_WHAT NEEDS TO BE DONE:_
Nothing should be output except the lines from the top of the material below through the line that contains "cannot be excluded", each exactly as written.

_DATASET:_

* * * * *

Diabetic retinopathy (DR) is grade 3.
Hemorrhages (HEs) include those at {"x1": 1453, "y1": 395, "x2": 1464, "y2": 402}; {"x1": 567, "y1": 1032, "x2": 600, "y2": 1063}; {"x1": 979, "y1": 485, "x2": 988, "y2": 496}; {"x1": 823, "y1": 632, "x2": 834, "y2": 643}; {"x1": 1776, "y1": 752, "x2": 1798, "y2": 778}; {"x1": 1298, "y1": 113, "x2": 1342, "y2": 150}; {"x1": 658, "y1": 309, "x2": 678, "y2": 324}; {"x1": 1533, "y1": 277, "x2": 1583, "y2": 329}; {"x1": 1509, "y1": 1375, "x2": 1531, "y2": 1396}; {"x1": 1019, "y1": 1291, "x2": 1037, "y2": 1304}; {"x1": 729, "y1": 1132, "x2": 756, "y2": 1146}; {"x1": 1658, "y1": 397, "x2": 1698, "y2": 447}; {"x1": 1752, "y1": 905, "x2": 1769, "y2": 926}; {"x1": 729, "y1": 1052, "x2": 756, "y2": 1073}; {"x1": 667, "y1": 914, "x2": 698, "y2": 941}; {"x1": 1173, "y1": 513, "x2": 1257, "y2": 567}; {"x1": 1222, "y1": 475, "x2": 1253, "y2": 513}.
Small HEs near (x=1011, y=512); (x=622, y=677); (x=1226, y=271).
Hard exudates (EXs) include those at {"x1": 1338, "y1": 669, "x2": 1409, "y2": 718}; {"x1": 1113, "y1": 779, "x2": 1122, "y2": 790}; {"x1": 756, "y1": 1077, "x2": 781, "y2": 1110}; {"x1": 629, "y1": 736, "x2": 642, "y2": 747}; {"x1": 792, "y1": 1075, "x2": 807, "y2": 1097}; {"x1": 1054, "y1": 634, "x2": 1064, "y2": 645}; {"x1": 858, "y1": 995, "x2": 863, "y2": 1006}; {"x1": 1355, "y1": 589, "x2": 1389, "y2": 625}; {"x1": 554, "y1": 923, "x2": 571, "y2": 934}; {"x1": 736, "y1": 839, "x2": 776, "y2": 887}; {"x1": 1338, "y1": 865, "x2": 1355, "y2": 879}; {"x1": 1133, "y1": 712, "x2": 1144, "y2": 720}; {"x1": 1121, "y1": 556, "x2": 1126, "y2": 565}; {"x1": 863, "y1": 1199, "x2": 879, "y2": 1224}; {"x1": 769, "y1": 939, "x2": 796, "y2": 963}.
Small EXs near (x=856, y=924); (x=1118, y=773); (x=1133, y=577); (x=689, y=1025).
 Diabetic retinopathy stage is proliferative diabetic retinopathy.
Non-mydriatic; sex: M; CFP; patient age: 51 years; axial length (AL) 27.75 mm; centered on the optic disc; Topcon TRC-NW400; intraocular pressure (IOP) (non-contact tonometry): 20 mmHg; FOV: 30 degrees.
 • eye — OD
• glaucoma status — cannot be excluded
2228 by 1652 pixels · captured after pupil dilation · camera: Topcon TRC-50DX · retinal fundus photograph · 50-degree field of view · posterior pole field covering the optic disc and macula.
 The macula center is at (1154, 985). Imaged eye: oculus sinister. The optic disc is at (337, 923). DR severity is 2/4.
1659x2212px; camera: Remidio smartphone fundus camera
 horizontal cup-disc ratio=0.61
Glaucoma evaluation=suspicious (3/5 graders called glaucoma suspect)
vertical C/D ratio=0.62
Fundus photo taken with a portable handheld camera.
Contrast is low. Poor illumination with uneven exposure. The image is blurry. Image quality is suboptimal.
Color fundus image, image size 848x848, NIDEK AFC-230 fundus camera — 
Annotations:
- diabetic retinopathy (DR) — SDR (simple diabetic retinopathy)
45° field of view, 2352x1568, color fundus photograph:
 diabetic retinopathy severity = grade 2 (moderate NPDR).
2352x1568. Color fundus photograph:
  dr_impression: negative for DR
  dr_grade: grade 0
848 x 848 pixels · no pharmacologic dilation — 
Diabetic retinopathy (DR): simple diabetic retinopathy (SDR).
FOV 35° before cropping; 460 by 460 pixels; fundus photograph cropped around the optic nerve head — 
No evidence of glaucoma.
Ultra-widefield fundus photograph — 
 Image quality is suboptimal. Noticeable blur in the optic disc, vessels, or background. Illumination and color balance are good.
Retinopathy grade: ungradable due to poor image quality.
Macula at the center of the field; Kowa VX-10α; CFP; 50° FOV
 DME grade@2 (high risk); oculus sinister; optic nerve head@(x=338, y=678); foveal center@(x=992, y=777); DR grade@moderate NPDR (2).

* * * * *

_EXERCISE ANSWER:_
Diabetic retinopathy (DR) is grade 3.
Hemorrhages (HEs) include those at {"x1": 1453, "y1": 395, "x2": 1464, "y2": 402}; {"x1": 567, "y1": 1032, "x2": 600, "y2": 1063}; {"x1": 979, "y1": 485, "x2": 988, "y2": 496}; {"x1": 823, "y1": 632, "x2": 834, "y2": 643}; {"x1": 1776, "y1": 752, "x2": 1798, "y2": 778}; {"x1": 1298, "y1": 113, "x2": 1342, "y2": 150}; {"x1": 658, "y1": 309, "x2": 678, "y2": 324}; {"x1": 1533, "y1": 277, "x2": 1583, "y2": 329}; {"x1": 1509, "y1": 1375, "x2": 1531, "y2": 1396}; {"x1": 1019, "y1": 1291, "x2": 1037, "y2": 1304}; {"x1": 729, "y1": 1132, "x2": 756, "y2": 1146}; {"x1": 1658, "y1": 397, "x2": 1698, "y2": 447}; {"x1": 1752, "y1": 905, "x2": 1769, "y2": 926}; {"x1": 729, "y1": 1052, "x2": 756, "y2": 1073}; {"x1": 667, "y1": 914, "x2": 698, "y2": 941}; {"x1": 1173, "y1": 513, "x2": 1257, "y2": 567}; {"x1": 1222, "y1": 475, "x2": 1253, "y2": 513}.
Small HEs near (x=1011, y=512); (x=622, y=677); (x=1226, y=271).
Hard exudates (EXs) include those at {"x1": 1338, "y1": 669, "x2": 1409, "y2": 718}; {"x1": 1113, "y1": 779, "x2": 1122, "y2": 790}; {"x1": 756, "y1": 1077, "x2": 781, "y2": 1110}; {"x1": 629, "y1": 736, "x2": 642, "y2": 747}; {"x1": 792, "y1": 1075, "x2": 807, "y2": 1097}; {"x1": 1054, "y1": 634, "x2": 1064, "y2": 645}; {"x1": 858, "y1": 995, "x2": 863, "y2": 1006}; {"x1": 1355, "y1": 589, "x2": 1389, "y2": 625}; {"x1": 554, "y1": 923, "x2": 571, "y2": 934}; {"x1": 736, "y1": 839, "x2": 776, "y2": 887}; {"x1": 1338, "y1": 865, "x2": 1355, "y2": 879}; {"x1": 1133, "y1": 712, "x2": 1144, "y2": 720}; {"x1": 1121, "y1": 556, "x2": 1126, "y2": 565}; {"x1": 863, "y1": 1199, "x2": 879, "y2": 1224}; {"x1": 769, "y1": 939, "x2": 796, "y2": 963}.
Small EXs near (x=856, y=924); (x=1118, y=773); (x=1133, y=577); (x=689, y=1025).
 Diabetic retinopathy stage is proliferative diabetic retinopathy.
Non-mydriatic; sex: M; CFP; patient age: 51 years; axial length (AL) 27.75 mm; centered on the optic disc; Topcon TRC-NW400; intraocular pressure (IOP) (non-contact tonometry): 20 mmHg; FOV: 30 degrees.
 • eye — OD
• glaucoma status — cannot be excluded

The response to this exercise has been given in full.